**INSTRUCTIONS FOR THE TASK:** Search the data for the word "འཕགས" and copy every line that contains it.
=== DATA UNDER STUDY ===
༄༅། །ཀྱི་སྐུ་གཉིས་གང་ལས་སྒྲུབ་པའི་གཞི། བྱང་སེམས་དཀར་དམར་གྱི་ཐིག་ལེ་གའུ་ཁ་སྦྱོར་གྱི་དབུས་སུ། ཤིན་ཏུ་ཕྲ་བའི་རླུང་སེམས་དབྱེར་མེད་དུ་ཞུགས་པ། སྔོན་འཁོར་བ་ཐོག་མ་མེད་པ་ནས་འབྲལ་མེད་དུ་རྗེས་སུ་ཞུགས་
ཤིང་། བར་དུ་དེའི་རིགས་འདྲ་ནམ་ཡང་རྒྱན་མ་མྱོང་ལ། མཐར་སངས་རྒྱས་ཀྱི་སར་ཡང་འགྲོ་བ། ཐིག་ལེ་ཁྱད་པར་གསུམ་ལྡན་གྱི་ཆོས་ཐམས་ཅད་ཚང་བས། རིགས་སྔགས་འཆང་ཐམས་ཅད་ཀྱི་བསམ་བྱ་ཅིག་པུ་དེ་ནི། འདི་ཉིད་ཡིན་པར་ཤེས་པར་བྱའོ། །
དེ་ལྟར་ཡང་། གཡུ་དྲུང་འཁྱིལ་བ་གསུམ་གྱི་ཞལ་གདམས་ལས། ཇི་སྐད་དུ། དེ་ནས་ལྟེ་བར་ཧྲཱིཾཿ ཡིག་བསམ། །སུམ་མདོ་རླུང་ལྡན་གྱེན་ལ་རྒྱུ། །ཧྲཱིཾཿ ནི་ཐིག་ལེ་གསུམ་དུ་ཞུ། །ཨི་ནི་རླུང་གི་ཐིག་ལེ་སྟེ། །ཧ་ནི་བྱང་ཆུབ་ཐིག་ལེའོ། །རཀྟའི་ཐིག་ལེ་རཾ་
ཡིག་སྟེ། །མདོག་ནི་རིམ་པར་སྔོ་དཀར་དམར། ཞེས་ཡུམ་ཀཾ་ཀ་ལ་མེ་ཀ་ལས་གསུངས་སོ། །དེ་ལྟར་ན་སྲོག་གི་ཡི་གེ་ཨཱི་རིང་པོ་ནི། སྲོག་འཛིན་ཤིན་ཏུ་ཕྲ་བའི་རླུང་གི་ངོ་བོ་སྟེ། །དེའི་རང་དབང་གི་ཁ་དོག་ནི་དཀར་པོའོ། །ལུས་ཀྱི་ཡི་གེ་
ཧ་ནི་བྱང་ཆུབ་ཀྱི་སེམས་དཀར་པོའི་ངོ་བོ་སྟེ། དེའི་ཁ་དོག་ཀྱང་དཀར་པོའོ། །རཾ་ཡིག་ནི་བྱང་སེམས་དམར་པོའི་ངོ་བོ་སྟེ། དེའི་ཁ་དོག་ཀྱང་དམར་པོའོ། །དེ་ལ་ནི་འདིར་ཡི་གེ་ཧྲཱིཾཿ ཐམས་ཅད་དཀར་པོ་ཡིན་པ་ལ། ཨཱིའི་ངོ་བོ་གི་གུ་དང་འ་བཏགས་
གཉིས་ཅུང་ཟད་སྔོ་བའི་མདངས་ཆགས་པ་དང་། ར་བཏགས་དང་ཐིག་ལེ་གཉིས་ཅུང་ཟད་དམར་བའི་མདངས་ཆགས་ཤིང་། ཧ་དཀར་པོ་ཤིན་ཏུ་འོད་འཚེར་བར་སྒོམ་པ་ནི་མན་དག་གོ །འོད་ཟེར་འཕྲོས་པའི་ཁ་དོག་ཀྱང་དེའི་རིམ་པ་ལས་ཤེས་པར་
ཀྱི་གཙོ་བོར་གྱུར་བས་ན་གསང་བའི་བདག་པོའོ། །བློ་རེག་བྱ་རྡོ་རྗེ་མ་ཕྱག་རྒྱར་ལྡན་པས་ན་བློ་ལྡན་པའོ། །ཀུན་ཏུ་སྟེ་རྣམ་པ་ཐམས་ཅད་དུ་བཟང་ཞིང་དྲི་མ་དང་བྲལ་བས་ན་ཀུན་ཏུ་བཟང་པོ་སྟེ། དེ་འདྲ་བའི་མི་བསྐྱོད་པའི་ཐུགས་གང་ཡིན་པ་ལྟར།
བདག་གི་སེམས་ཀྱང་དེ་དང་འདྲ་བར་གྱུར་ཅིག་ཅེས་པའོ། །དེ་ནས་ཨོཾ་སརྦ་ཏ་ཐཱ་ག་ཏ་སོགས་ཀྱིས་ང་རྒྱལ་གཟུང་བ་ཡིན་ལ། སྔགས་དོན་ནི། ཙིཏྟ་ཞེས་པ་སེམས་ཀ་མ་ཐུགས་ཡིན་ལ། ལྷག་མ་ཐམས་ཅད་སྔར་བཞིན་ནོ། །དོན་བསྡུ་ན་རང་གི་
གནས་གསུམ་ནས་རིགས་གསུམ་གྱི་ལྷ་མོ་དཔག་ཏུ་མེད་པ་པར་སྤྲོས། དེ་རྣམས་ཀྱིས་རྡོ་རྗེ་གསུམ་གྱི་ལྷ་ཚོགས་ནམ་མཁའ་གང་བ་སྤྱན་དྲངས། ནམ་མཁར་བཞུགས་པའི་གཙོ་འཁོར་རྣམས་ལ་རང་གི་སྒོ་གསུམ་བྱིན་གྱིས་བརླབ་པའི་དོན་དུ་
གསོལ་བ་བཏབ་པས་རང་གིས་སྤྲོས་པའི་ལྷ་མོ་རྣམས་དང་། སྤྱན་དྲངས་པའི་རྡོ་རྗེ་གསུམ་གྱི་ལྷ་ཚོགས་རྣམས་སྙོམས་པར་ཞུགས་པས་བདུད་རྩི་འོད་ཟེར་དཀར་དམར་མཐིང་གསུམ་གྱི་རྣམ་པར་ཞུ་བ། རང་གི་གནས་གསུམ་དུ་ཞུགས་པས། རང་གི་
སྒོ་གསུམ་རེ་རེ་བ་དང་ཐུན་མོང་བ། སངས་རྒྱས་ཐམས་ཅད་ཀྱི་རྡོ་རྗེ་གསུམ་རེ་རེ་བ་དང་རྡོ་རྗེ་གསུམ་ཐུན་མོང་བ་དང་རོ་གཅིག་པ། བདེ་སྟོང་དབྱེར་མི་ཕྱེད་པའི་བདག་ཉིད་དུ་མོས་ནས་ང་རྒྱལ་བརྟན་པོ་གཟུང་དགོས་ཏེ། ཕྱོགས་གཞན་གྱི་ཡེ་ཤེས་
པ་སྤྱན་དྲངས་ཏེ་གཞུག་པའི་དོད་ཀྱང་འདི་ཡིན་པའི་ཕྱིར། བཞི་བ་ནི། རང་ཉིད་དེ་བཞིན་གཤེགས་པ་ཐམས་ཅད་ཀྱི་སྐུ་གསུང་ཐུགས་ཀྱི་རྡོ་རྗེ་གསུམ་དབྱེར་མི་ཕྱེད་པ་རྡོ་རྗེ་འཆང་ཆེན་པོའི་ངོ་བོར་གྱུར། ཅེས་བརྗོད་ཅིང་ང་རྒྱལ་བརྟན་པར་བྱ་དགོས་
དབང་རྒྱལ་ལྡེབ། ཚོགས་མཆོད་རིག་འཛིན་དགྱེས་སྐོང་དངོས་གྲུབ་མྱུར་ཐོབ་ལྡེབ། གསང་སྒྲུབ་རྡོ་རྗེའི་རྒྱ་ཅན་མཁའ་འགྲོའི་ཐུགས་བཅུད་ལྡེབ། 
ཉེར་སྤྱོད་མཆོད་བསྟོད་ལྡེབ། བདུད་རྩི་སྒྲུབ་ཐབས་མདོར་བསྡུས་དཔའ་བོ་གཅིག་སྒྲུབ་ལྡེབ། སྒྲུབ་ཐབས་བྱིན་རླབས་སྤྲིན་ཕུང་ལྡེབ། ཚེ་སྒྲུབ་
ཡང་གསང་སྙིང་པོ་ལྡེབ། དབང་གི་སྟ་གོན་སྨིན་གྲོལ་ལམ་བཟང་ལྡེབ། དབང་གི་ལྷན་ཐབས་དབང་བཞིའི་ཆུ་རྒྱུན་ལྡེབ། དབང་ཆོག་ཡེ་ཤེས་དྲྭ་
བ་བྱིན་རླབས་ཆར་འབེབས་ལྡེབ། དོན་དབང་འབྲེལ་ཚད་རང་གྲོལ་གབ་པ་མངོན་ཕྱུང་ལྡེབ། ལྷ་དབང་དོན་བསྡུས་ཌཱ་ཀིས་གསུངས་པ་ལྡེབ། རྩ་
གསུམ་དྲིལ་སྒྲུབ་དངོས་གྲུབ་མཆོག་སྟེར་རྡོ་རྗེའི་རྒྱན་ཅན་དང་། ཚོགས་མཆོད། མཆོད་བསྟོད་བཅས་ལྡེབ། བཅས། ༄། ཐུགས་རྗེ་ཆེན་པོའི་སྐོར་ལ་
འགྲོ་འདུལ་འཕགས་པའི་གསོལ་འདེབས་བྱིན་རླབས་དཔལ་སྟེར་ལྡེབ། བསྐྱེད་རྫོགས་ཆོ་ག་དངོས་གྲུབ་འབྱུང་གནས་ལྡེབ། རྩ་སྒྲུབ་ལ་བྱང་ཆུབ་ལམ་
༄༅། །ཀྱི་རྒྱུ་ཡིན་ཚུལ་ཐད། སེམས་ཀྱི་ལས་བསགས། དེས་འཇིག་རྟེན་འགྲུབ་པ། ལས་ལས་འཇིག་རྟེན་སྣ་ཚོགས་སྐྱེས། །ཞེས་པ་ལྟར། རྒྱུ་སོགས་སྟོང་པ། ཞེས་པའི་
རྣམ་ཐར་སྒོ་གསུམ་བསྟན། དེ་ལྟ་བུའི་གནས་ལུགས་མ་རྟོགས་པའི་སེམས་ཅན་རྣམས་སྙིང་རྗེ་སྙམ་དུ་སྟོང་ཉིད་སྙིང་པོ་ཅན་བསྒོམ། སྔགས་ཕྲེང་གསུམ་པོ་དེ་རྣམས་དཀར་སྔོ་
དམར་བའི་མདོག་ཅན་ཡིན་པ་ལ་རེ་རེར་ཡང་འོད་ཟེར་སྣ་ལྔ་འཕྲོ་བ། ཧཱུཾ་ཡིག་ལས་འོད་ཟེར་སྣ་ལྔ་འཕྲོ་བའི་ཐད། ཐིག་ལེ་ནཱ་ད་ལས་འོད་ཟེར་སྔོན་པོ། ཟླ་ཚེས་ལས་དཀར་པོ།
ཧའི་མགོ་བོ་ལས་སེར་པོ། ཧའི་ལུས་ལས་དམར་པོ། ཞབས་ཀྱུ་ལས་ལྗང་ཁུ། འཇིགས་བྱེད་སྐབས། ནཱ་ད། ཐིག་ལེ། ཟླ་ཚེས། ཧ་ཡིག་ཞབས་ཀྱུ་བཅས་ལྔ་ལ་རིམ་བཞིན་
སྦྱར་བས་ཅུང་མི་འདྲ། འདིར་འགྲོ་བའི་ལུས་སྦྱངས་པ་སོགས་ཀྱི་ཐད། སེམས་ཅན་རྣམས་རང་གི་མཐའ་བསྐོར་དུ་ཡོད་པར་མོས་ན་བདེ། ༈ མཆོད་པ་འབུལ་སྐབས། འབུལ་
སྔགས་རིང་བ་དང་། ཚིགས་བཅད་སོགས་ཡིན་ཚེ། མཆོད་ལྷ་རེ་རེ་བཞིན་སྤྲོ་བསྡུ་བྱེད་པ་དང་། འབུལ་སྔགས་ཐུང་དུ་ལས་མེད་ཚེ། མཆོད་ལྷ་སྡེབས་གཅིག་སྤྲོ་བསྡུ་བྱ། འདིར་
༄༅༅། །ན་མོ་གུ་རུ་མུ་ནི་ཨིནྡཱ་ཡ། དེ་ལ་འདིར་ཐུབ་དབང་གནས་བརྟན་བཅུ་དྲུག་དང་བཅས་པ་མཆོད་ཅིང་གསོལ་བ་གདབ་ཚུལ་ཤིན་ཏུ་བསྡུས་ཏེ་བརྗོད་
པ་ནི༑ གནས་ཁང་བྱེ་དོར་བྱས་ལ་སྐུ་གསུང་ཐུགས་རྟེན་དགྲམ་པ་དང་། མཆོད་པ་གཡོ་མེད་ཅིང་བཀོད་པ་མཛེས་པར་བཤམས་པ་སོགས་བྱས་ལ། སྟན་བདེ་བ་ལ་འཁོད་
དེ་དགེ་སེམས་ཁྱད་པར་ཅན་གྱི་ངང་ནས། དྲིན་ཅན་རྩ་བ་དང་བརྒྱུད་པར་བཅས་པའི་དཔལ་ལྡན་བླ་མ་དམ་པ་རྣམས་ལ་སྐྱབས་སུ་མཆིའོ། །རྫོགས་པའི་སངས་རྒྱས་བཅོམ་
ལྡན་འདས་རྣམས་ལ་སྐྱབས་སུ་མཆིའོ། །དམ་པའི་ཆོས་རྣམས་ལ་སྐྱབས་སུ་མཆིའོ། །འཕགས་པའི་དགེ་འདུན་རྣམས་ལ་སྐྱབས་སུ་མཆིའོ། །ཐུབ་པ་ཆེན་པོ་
===
**COMPLETED EXERCISE:**
འགྲོ་འདུལ་འཕགས་པའི་གསོལ་འདེབས་བྱིན་རླབས་དཔལ་སྟེར་ལྡེབ། བསྐྱེད་རྫོགས་ཆོ་ག་དངོས་གྲུབ་འབྱུང་གནས་ལྡེབ། རྩ་སྒྲུབ་ལ་བྱང་ཆུབ་ལམ་
ལྡན་འདས་རྣམས་ལ་སྐྱབས་སུ་མཆིའོ། །དམ་པའི་ཆོས་རྣམས་ལ་སྐྱབས་སུ་མཆིའོ། །འཕགས་པའི་དགེ་འདུན་རྣམས་ལ་སྐྱབས་སུ་མཆིའོ། །ཐུབ་པ་ཆེན་པོ་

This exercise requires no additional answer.